His son, Benjamin Franklin Troutman, remained in the area also farming and working as a gunsmith. He went down to Cumberland, Allegany County, Maryland to work as an apprentice to a blacksmith and learn the trade. But then look! His father was a carpenter and he probably learned much of that craft from Peter. So he knew carpentry and metal working and used those skills to become a fine gunsmith. He's listed as such in a book about gunsmiths of the region. It is said that he was a "fine musician" and played the fiddle.

He apprenticed in 1807 and married in 1812 so I'm wondering if he met his young bride while sojourning in Cumberland because she was from Maryland. Oh, and I should mention that Cumberland and Southampton are about 15 miles apart.

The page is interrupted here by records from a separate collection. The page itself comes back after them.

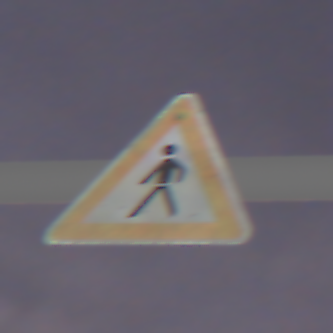
Verkehrszeichen: FussgaengerRechts
Umgebung: Outdoor, Suburban
Tageszeit: Night
Wetter: PartlyCloudy
Licht: Artificial
Jahreszeit: NotSpecified
Kontrast: HighContrast
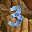
Label: 3
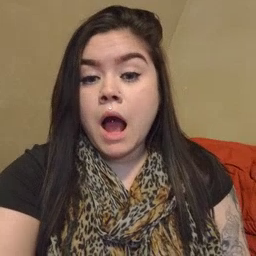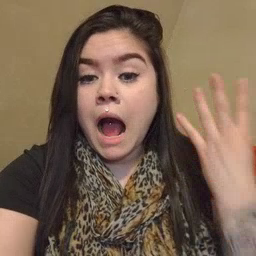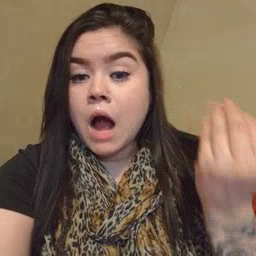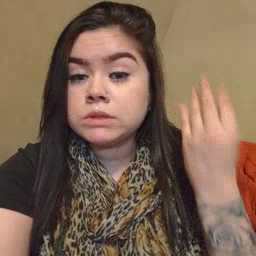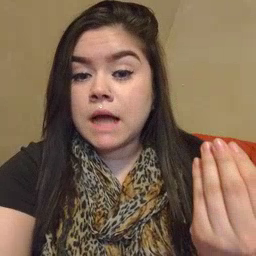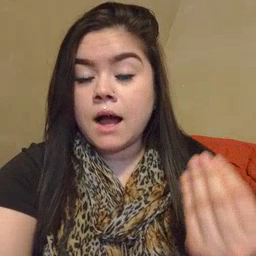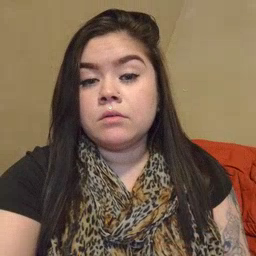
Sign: outside
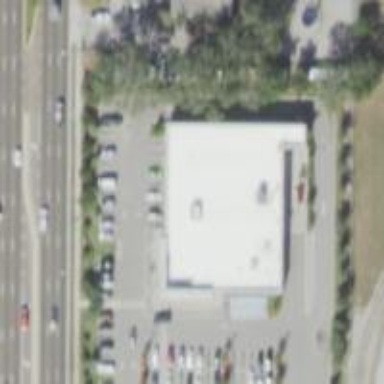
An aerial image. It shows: Supermarket.
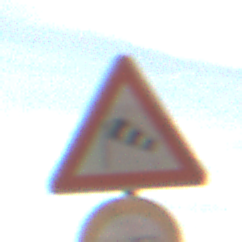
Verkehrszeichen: SeitenwindVonLinks
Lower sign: Ueberholverbot
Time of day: SunriseSunset
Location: Outdoor (Nature)
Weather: PartlyCloudy
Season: NotSpecified
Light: Natural
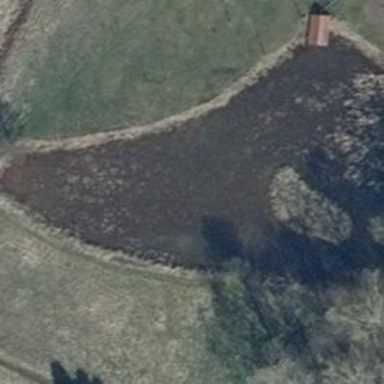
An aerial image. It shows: Serene pond surrounded by nature.
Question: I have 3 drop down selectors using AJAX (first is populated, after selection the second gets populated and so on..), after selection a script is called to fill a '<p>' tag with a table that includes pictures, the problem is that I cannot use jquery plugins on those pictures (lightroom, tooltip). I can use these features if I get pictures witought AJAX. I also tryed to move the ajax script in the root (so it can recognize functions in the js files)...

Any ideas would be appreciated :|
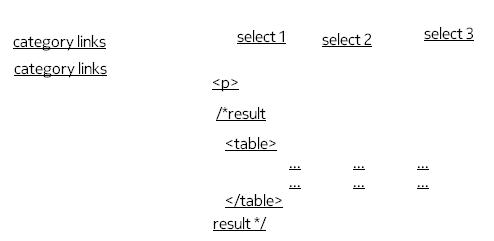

His daughter Nancy Ann Troutman married Elisha Workman from a prosperous and landed family in Western Maryland. Their families resided just 12 miles away from each other. Until quite recently I had difficulty organizing some of the records for Nancy Ann. Growing up she was called Nancy, but once she married she became Anne or Anna, or even Angeline. Maybe I had three different people? But no. Once I made a list of which name she used and when I could see how it went. Her birth family called her Nancy, a diminutive of Anne. It was only in her marriage that she was also called Angeline. All the same person.

I don't really know why knowing such details of these ancestors lives makes me so happy, but it does. I guess it gives them some flesh and bones. Early on when I first started doing genealogy I read something that's stayed with me. The writer said that it's what the dash represents, the one between the birth and death years, that's the most fascinating part of this work. Yes it is!